[DOSSIER] Dossier : Comparateurs d’assurances 2/3

Martin Coriat (Confused.com) : «Les moyens de se différencier se réduisent» (Dossier comparateurs)

Martin Coriat (Confused.com) : «Les moyens de se différencier se réduisent» (Dossier comparateurs)
Martin Coriat, DG de Confused.com (groupe Admiral).

Spécificité en Europe, la Grande-Bretagne s’avère le royaume des comparateurs. Les explications sur cette exception de Martin Coriat, qui a pris la tête de Confused.com, après avoir dirigé sa filiale française Le Lynx.fr.

Comment qualifieriez-vous le marché britannique de la comparaison d’assurances ?
Le marché britannique est beaucoup plus développé que les autres marchés européens : 70% de toutes les polices d’assurances auto se font via un comparateur. Les autres produits suivent peu ou prou la même trajectoire, et notamment l’habitation qui est le deuxième produit le plus vendu par ce canal. La presque totalité des assureurs outre-Manche figure sur les comparateurs à l’exception de Direct Line, qui en fait un véritable axe de différenciation marketing, ainsi qu’Aviva. C’est aussi un marché très concentré dans lequel les quatre principaux acteurs s’octroient 95% du marché.

Pourquoi un tel succès des comparateurs outre-Manche ?
La popularité des sites dont le démarrage a commencé outre- Manche avec Confused.com en 2002, s’explique historiquement par une série de facteurs. Le marché britannique a toujours été un marché de courtage bien plus que d’agents ou de mutuelles. Avec une conséquence à la clé : les connexions entre distributeurs et assureurs ont été informatisées très tôt. Par ailleurs, l’importance de l’assurance directe dans ce pays a boosté l’utilisation de comparateurs, considérés comme un relais naturel pour cette catégorie d’acteurs attirés par la fluidité du trafic. Enfin, les consommateurs ont eu très tôt l’habitude de comparer les produits grâce aux courtiers : les comparateurs leur ont finalement permis de devenir à leur tour de véritables brokers.

Comment s’est caractérisée l’évolution récente du marché ?
Durant les deux à trois dernières années, le marché britannique s’est très peu développé, car, le cycle de l’assurance était bas. Parallèlement, les dépenses marketing ont continué à croître, ce qui a pesé sur les profits. L’impact de la réglementation est aussi très important outre-Manche : la Financial Conduct Authority (FCA) a un rôle très prescriptif et encadre de manière très stricte les droits et devoirs des comparateurs. La protection du consommateur est d’ailleurs primordiale dans l’approche du régulateur britannique.

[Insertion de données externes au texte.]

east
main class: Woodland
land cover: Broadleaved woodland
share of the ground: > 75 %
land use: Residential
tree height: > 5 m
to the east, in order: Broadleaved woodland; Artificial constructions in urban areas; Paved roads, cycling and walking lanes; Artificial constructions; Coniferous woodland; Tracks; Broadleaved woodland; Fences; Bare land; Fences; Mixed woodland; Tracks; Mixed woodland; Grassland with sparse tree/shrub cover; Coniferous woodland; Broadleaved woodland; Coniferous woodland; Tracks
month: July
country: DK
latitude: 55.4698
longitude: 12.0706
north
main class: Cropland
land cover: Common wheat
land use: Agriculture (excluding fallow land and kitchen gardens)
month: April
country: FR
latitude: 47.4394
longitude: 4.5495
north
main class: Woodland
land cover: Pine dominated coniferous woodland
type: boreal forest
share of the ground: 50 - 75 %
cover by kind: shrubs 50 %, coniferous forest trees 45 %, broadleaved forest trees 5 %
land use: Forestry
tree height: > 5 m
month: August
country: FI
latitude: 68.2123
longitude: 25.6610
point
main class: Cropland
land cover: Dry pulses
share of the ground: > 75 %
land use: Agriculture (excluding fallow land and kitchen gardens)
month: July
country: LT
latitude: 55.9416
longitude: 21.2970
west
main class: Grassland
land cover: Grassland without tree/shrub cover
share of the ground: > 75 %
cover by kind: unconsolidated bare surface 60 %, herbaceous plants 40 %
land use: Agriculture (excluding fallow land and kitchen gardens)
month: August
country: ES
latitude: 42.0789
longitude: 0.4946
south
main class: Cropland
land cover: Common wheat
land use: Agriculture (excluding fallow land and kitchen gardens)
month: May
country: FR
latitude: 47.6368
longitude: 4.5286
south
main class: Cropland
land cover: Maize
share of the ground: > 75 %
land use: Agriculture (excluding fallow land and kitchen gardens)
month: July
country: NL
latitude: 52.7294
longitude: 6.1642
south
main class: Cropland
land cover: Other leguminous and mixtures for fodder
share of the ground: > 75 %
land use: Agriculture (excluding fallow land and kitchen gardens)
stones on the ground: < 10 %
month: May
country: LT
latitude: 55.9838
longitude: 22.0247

Comment parvenez-vous à vous distinguer de la compétition ?
Le marché est en passe de devenir une commodité, et les moyens de se différencier se réduisent. Dans un marché essentiellement guidé par le marketing – notre industrie fait partie des plus gros investisseurs en matière de publicité – il est donc important de conserver une approche très spécifique par rapport à la concurrence : chez Confused.com, nous avons développé le personnage de Bryan le robot dans nos dernières campagnes, une manière de mettre en évidence à la fois l’expertise mais aussi la modernité de notre comparateur en y ajoutant une touche émotionnelle. Les régulateurs nous offrent aussi parfois des opportunités qu’il ne faut pas manquer : à l’occasion d’une étude approfondie, l’autorité de la concurrence britannique (CMA) a ainsi autorisé les assureurs à donner des prix différents selon les comparateurs, dans le cadre d’offres promotionnelles, par exemple. Enfin, nous réfléchissons sans cesse à de nouveaux relais de croissance et avons par exemple lancé Carfused.com, un site de comparaison et de ventes de voitures.

Le marché est-il saturé ?
C’est un marché très mature dans lequel continuent à arriver de nouveaux entrants, comme des comparateurs de comparateurs. Mais l’accès reste difficile tant ce secteur exige un savoir-faire technologique, une puissance de feu marketing sans oublier la nécessité de se conformer à une exigence de conformité toujours plus importante. Lancé en 2011 sur le marché britannique, le comparateur de Google n’est toujours pas parvenu à égratigner la suprématie des quatre principaux acteurs du secteur. À la différence des autres, le moteur de recherche a préféré utiliser ses propres espaces plutôt que de jouer le jeu du marketing.

Combien de temps cette guerre entre comparateurs peut-elle encore durer ?
La bataille de la publicité continue de faire rage. Il faut cependant noter que la plupart des acteurs installés restent rentables et que leurs marges s’établissent entre 15% et 20%. De quoi permettre de résister encore longtemps.